--- How to complete this task ---
In the material below, the line holding "Character: 銫" and every line after it should be reproduced exactly, please, with pictures omitted.

--- Listed entries ---
....
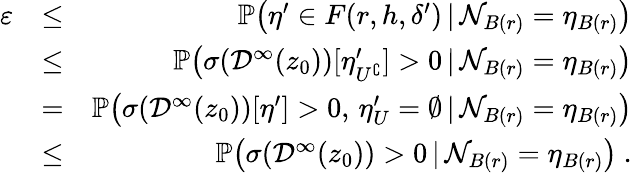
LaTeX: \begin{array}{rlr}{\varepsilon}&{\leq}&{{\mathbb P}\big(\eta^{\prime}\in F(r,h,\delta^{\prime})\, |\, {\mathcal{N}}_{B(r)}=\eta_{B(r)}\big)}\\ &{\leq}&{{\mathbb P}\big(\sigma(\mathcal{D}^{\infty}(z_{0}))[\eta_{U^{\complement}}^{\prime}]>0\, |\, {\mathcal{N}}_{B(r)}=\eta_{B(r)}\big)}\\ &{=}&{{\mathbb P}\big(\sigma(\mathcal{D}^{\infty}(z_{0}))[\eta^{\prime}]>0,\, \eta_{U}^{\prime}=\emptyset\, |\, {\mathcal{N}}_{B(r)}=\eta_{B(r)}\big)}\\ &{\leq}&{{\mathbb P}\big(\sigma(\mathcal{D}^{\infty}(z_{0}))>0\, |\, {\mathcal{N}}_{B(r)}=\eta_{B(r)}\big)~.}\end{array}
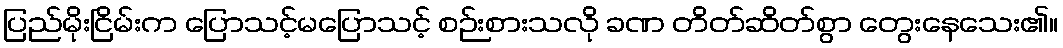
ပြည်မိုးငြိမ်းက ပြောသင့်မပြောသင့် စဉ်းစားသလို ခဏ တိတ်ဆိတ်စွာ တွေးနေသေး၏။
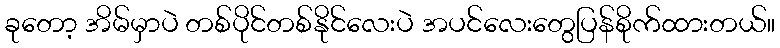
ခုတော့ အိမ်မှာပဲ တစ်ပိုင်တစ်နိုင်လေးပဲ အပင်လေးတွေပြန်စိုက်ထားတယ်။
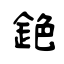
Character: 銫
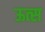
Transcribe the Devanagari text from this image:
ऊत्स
....
--- Worked solution ---
Character: 銫
Transcribe the Devanagari text from this image:
ऊत्स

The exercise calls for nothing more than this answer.